- Born: 1930
- Died: 19 July 2022 (aged 92) Oxfordshire, U.S.

= Charles Rizza =

British consultant physician (1930–2022)

Charles Rocco Carmine Rizza FRCPEd (1930 – 19 July 2022) was a British consultant physician who specialised in haematology.

==Biography==
Rizza graduated with an MD from the University of St Andrews in 1962, and was awarded the university's gold medal for his thesis Conditions affecting the level of antihaemophilic globulin (factor VIII) in the blood.

Between 1958 and 1961, Rizza held the post of Medical Research Council Clinical Research Fellow at the Blood Coagulation Research Unit in Oxford.

At the Oxford Haemophilia Centre, he was consultant physician from 1966 to 1993, and director from 1977 to 1993.

Rizza was also clinical lecturer in haemophilia at the University of Oxford from 1967 to 1993, and he chaired the United Kingdom Haemophilia Centre Directors Organization from 1987 to 1990.

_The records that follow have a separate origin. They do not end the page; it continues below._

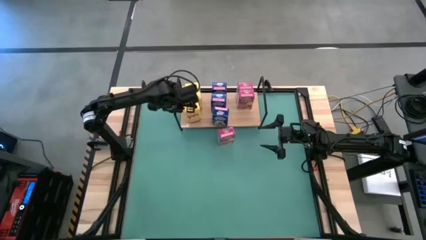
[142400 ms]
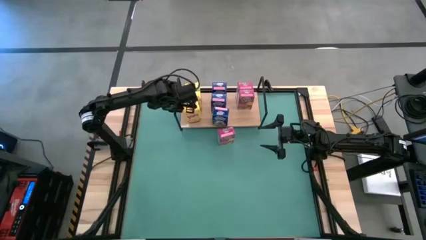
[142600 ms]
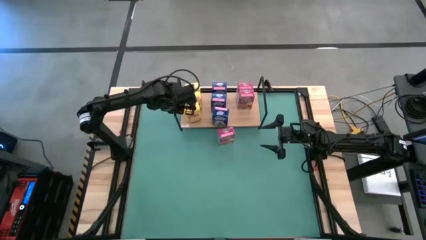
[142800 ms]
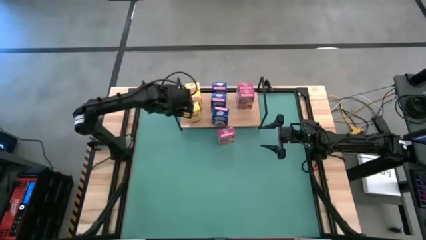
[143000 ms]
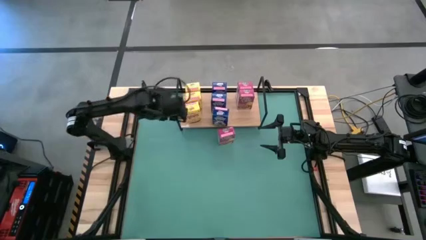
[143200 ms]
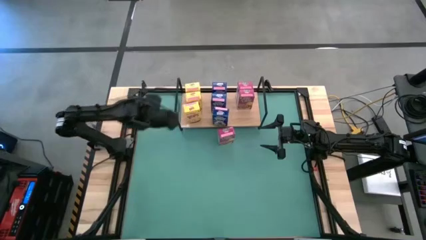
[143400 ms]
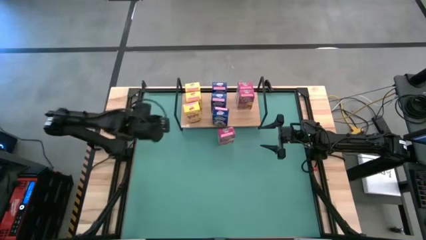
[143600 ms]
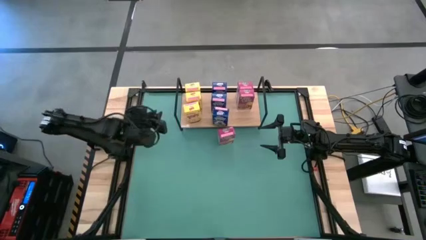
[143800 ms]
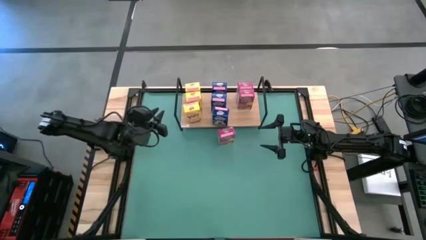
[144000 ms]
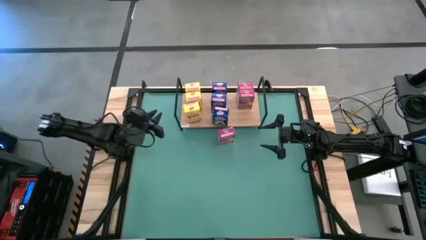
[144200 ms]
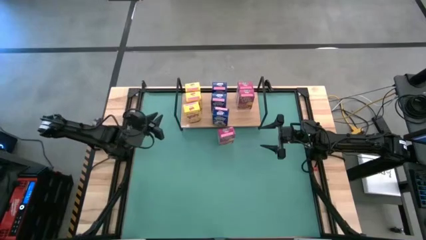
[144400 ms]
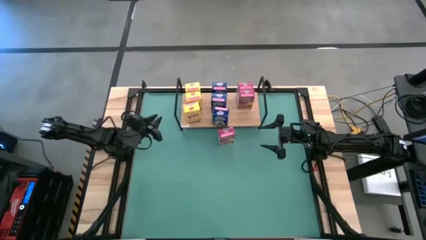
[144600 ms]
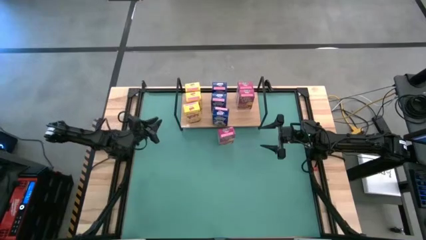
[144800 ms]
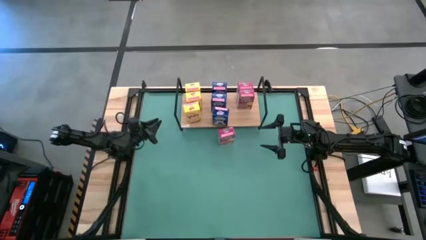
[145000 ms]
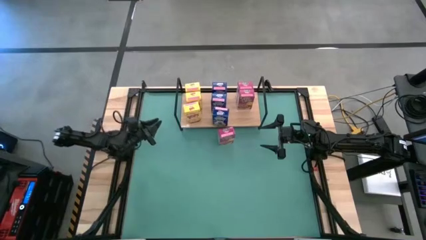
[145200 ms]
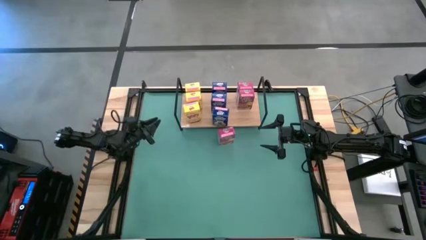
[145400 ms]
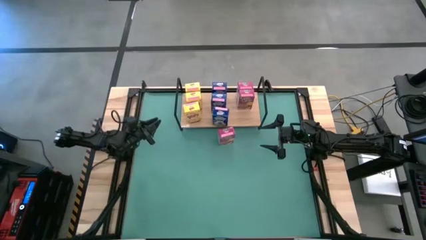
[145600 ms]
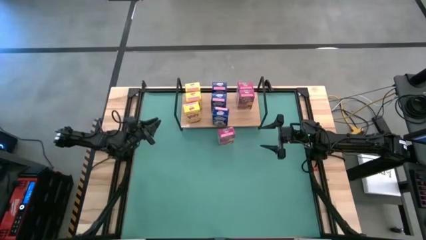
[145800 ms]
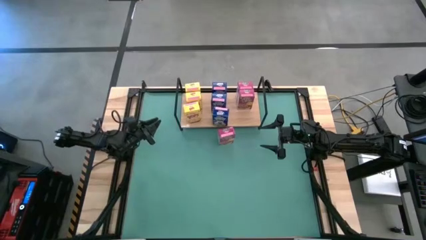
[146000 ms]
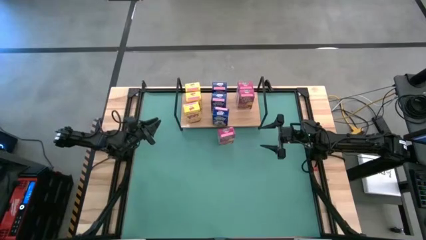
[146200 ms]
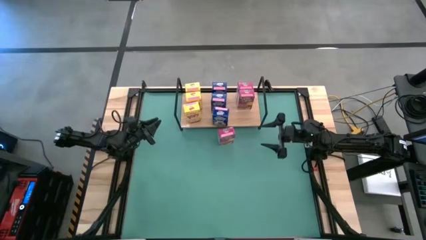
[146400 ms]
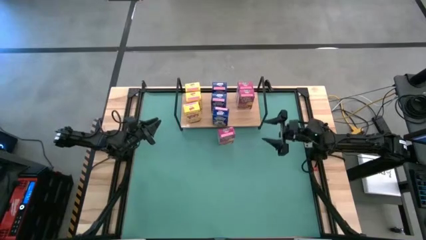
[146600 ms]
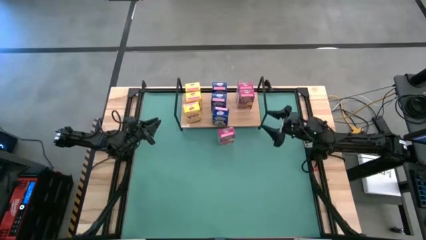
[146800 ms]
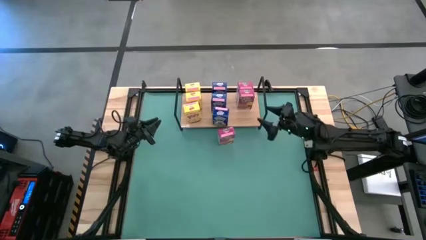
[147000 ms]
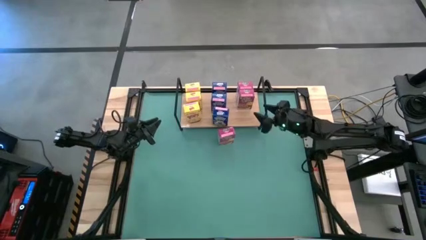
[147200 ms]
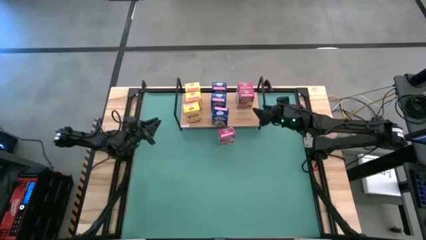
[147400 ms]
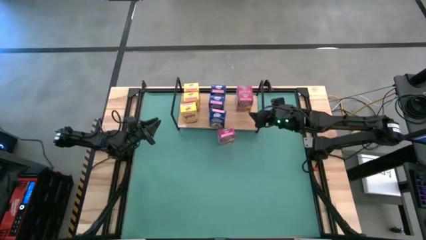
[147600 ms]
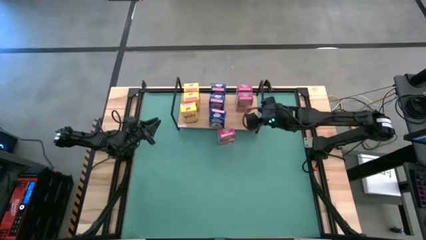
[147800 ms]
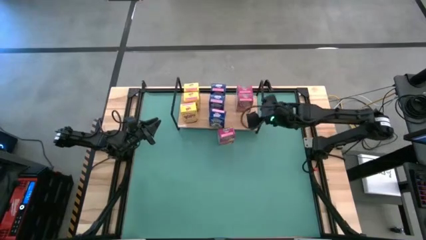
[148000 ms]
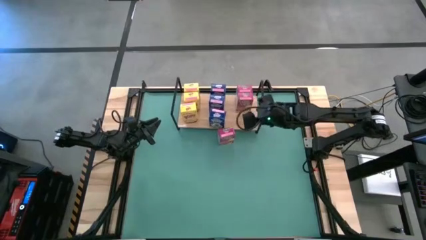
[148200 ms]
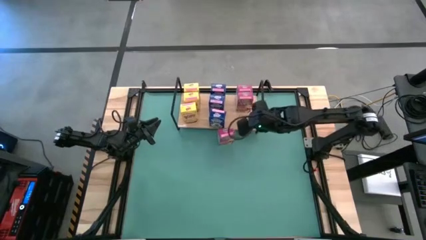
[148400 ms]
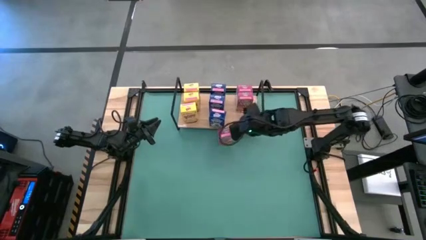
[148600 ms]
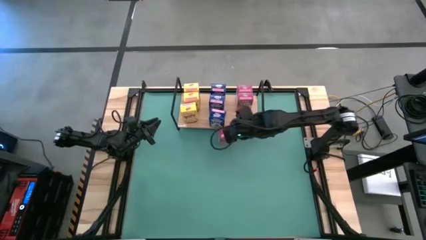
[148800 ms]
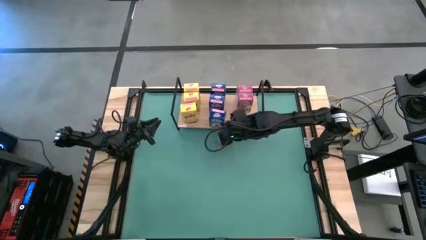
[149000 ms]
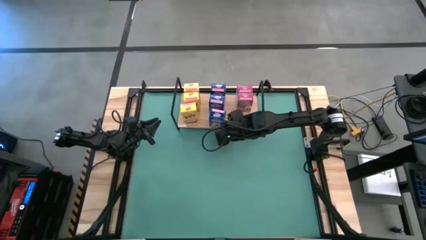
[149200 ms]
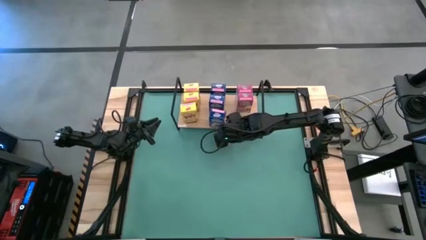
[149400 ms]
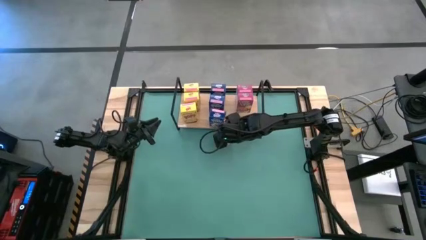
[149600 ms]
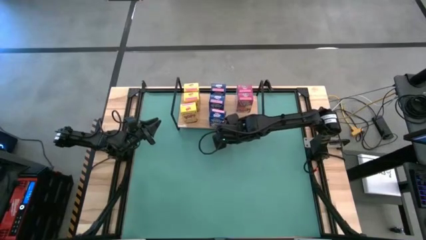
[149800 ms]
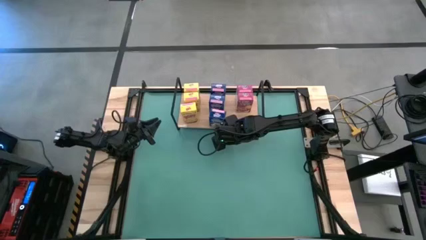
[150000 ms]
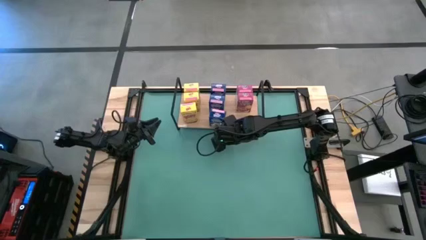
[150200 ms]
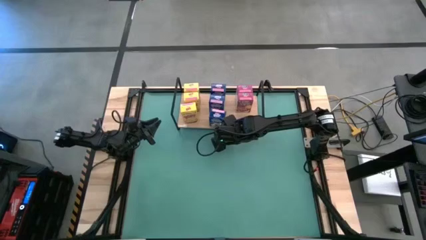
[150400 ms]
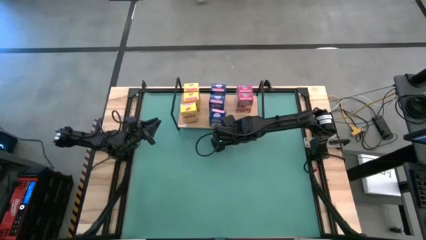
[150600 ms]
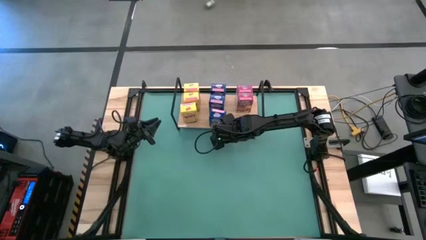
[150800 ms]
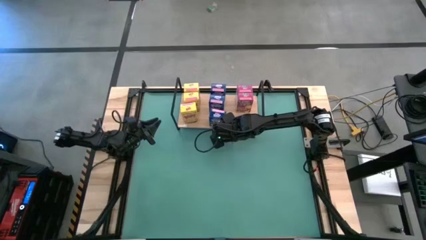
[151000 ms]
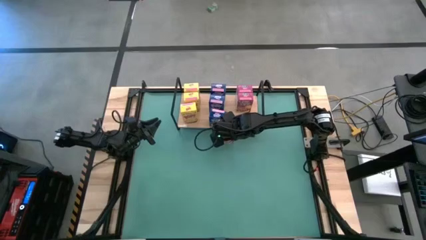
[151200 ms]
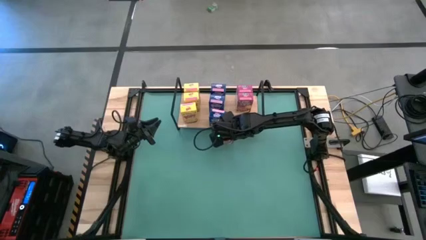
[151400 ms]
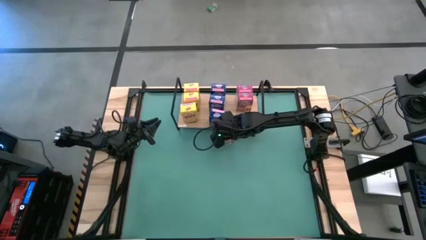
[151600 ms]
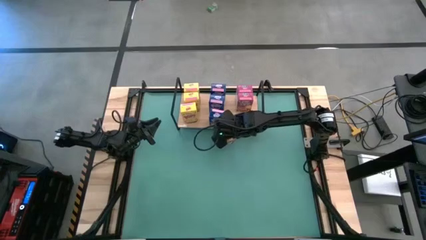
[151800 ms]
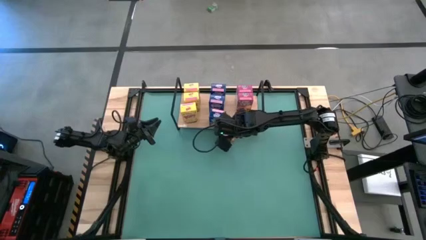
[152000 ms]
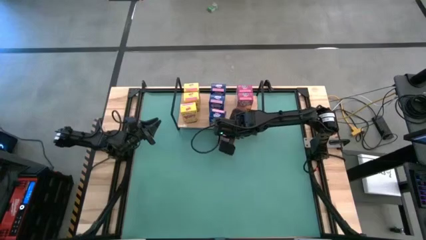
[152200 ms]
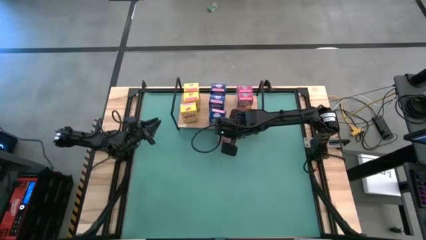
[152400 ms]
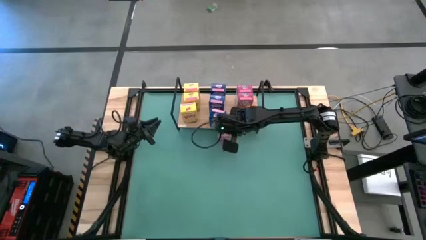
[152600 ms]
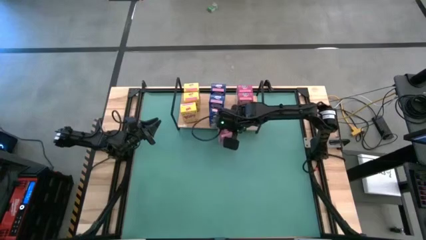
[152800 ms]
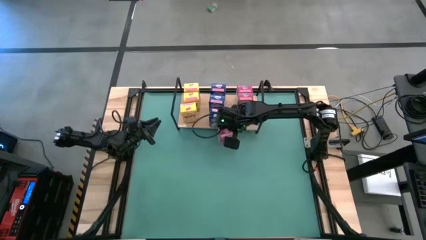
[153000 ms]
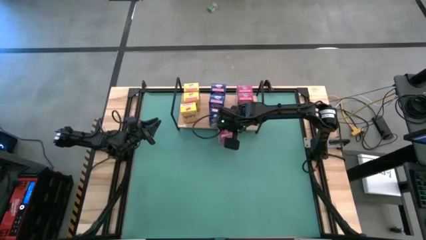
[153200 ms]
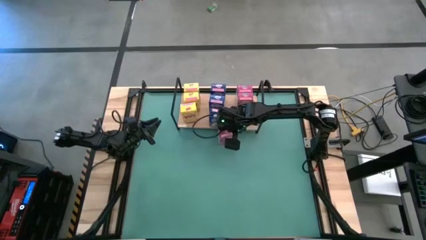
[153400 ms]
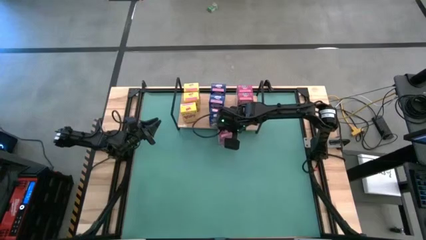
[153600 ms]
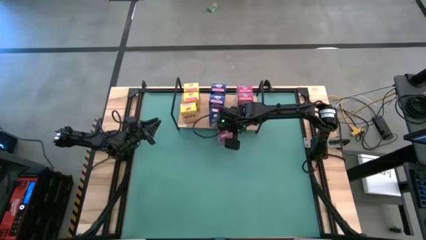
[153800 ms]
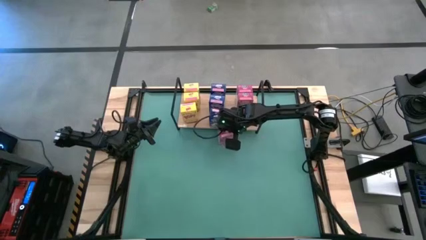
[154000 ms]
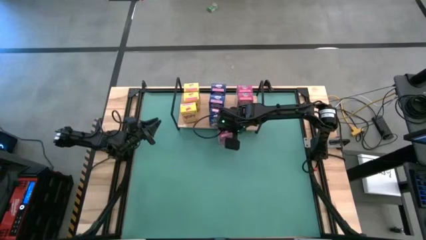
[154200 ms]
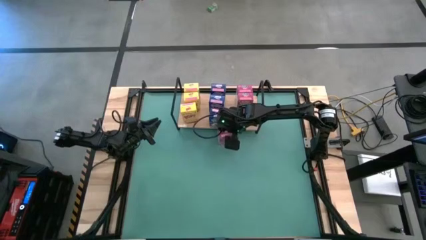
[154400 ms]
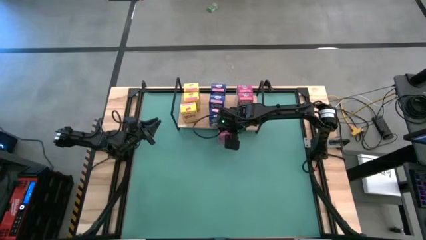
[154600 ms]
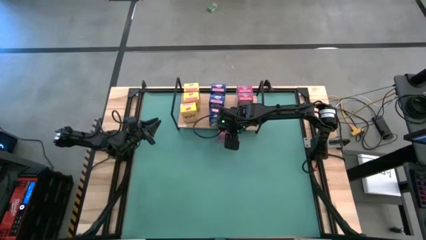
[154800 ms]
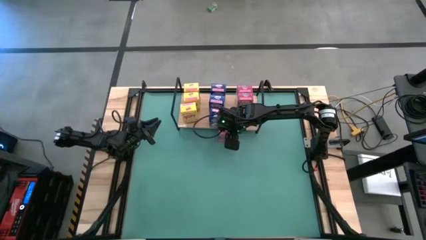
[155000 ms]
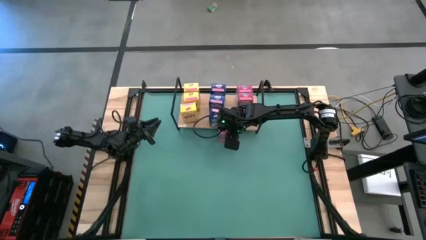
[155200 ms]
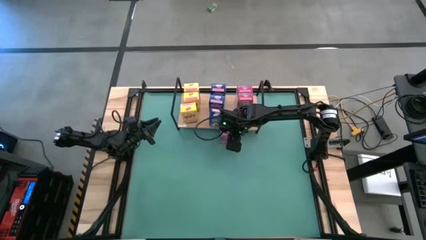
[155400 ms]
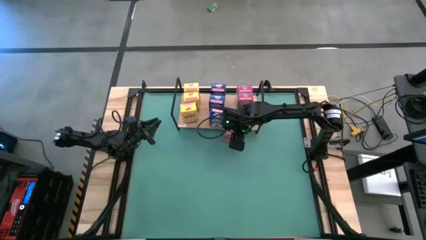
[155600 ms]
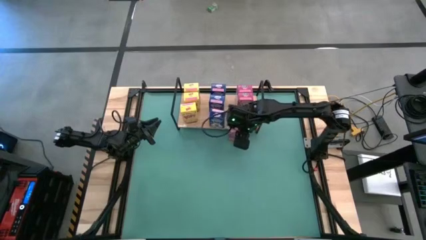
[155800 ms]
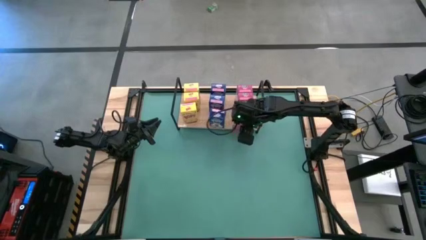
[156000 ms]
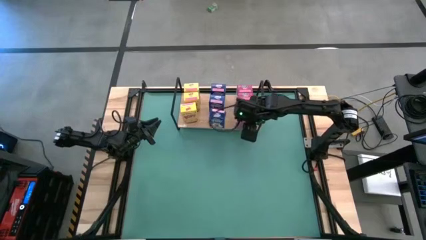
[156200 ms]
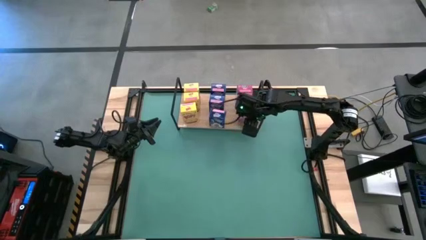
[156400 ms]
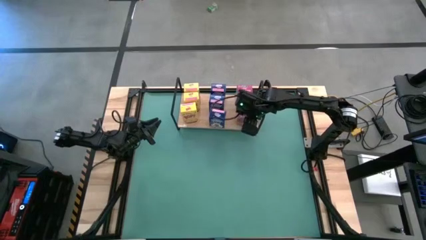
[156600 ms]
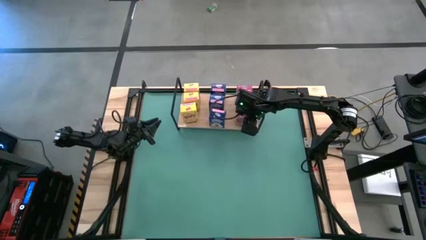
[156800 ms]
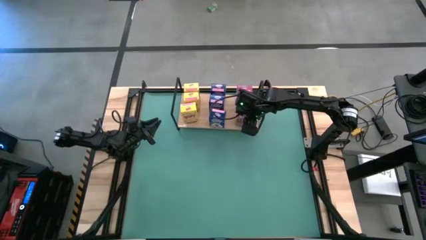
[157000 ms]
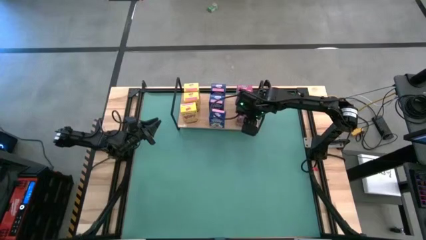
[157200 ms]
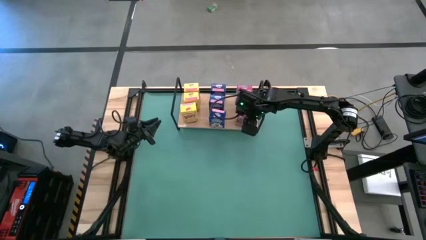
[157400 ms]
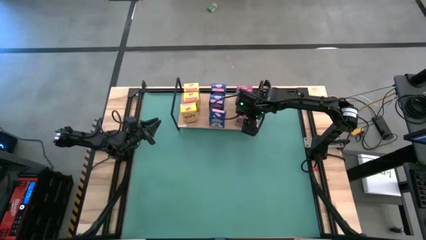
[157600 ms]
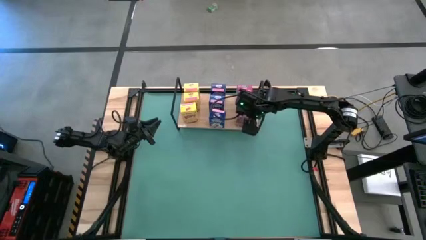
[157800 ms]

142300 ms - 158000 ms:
Task: Stack cereal on shelf
Put the pink cereal box on the shelf aligned with the other pink cereal boxes

Rizza was named in documents submitted to the Penrose Inquiry, the Scottish Public Inquiry into Hepatitis C/HIV acquired infection from NHS treatment in Scotland with blood and blood products.

In 2017 Rizza was criticised for his role in the Contaminated Blood Scandal in documents which appeared to advocate viral infectivity trials in humans rather than chimps. The documents were cited by Andy Burnham in the House of Commons.

Rizza died on 19 July 2022, at the age of 92.